(Required action) Apart from the images, repeat the data below exactly as written.

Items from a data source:

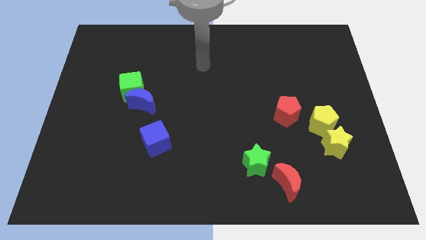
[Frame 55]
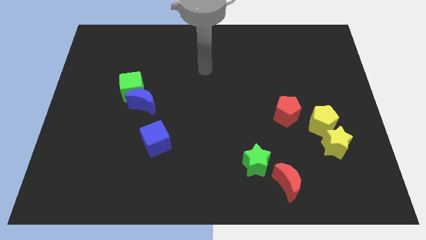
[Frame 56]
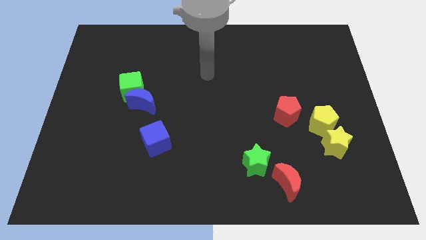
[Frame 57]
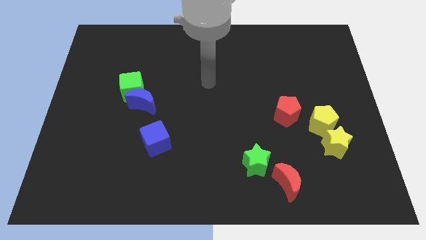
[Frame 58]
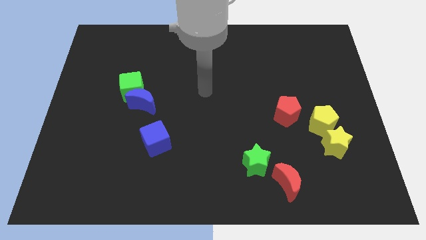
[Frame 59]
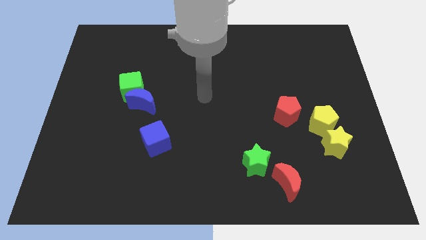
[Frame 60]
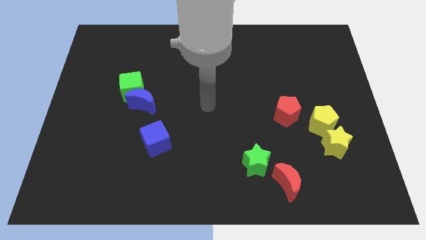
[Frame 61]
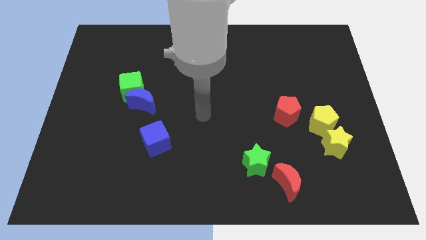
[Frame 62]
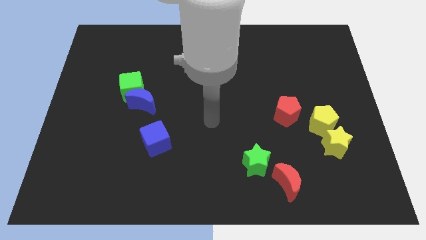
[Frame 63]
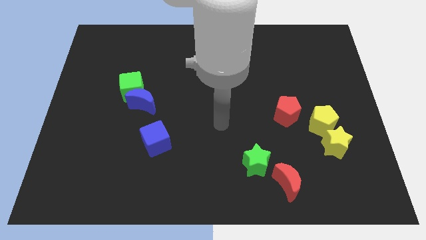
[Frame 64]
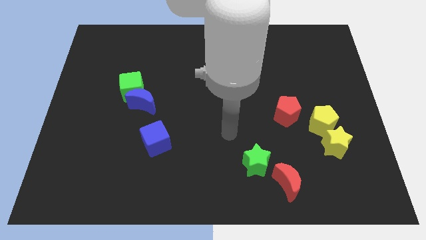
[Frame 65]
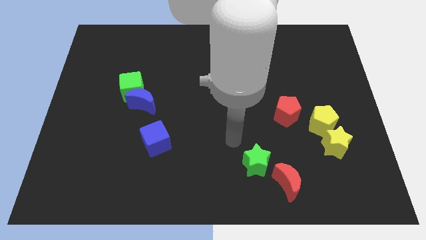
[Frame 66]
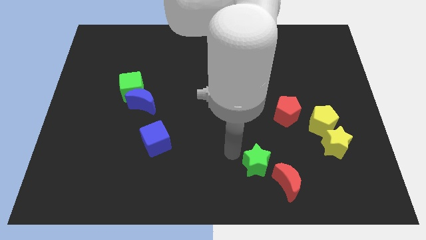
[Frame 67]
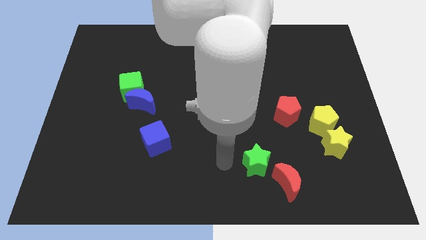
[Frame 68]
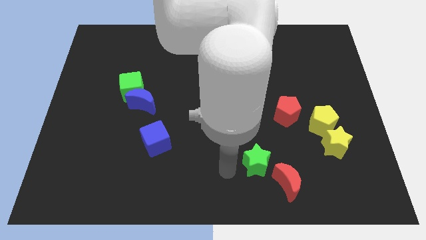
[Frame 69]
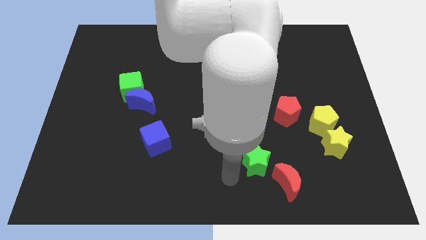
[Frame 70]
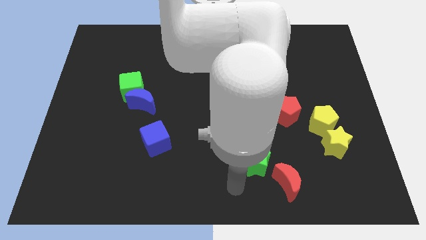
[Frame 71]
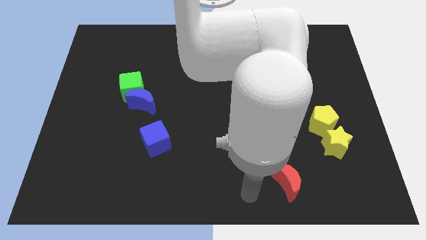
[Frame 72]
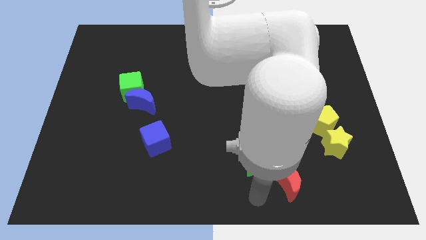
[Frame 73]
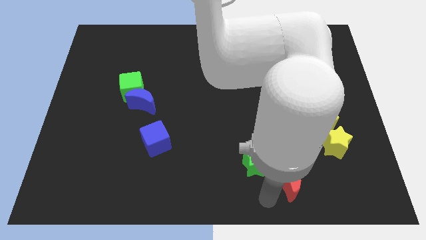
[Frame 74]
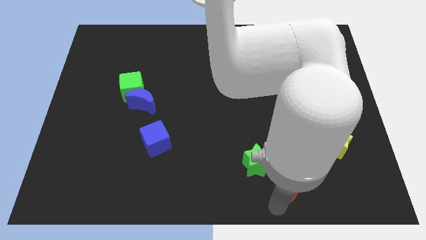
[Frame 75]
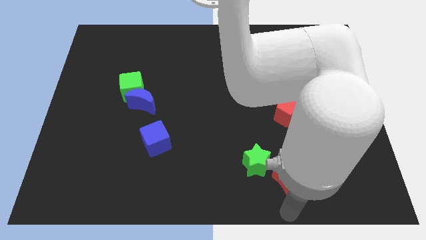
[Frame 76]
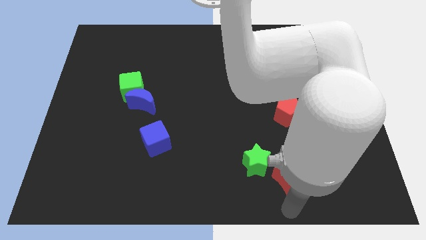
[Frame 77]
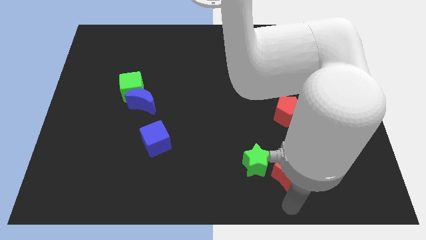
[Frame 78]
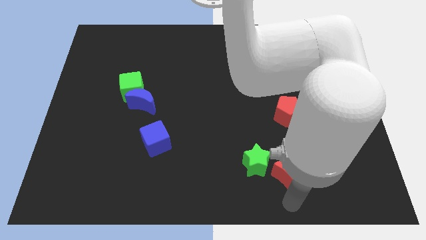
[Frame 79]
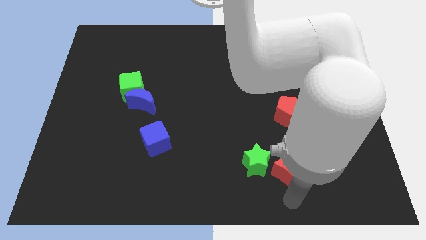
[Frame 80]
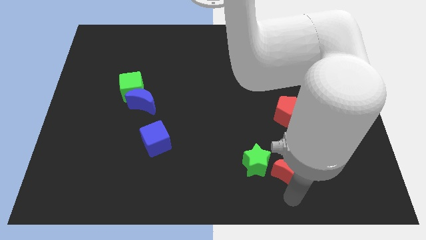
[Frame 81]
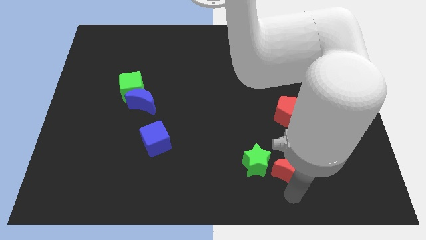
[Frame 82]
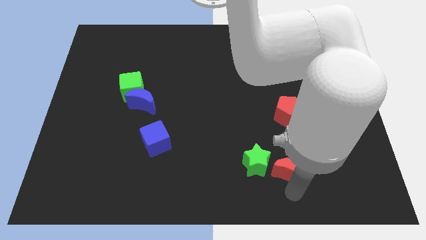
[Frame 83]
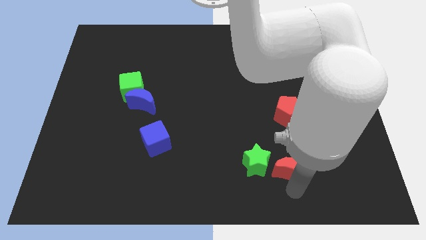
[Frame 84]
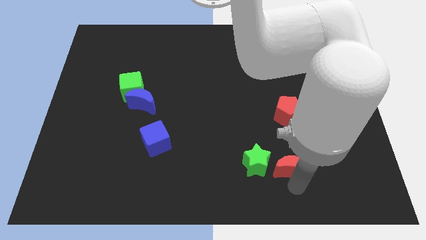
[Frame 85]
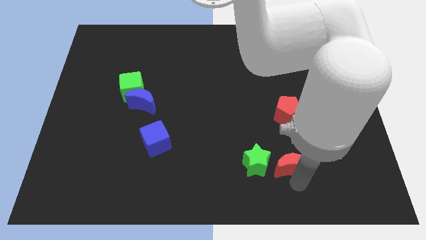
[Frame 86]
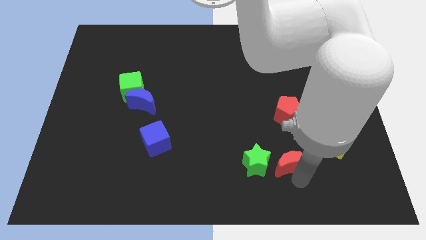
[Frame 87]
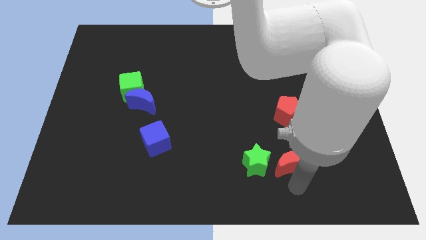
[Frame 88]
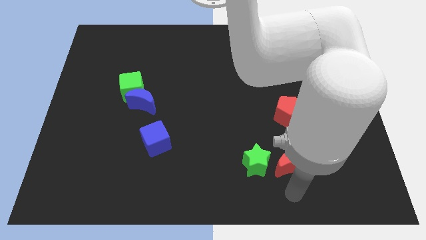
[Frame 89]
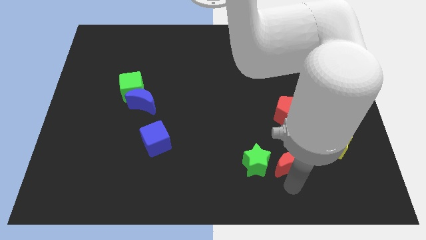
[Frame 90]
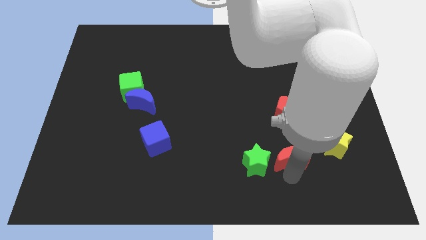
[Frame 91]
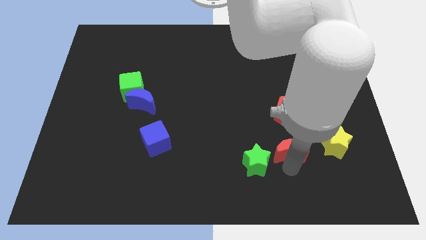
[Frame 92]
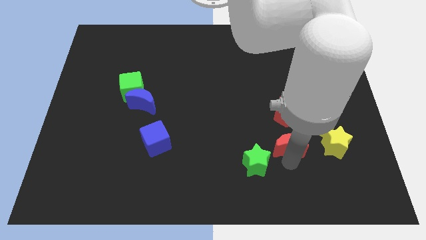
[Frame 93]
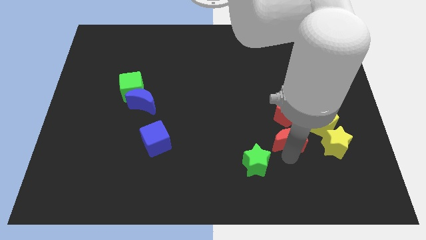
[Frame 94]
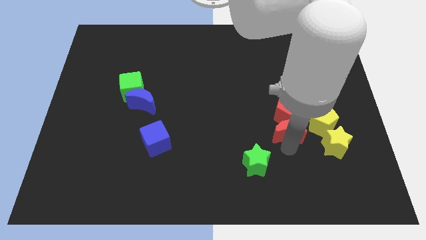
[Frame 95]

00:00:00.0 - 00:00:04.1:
move the red moon to the red pentagon

(Answer for the task)
[Frame 55]
[Frame 56]
[Frame 57]
[Frame 58]
[Frame 59]
[Frame 60]
[Frame 61]
[Frame 62]
[Frame 63]
[Frame 64]
[Frame 65]
[Frame 66]
[Frame 67]
[Frame 68]
[Frame 69]
[Frame 70]
[Frame 71]
[Frame 72]
[Frame 73]
[Frame 74]
[Frame 75]
[Frame 76]
[Frame 77]
[Frame 78]
[Frame 79]
[Frame 80]
[Frame 81]
[Frame 82]
[Frame 83]
[Frame 84]
[Frame 85]
[Frame 86]
[Frame 87]
[Frame 88]
[Frame 89]
[Frame 90]
[Frame 91]
[Frame 92]
[Frame 93]
[Frame 94]
[Frame 95]

00:00:00.0 - 00:00:04.1:
move the red moon to the red pentagon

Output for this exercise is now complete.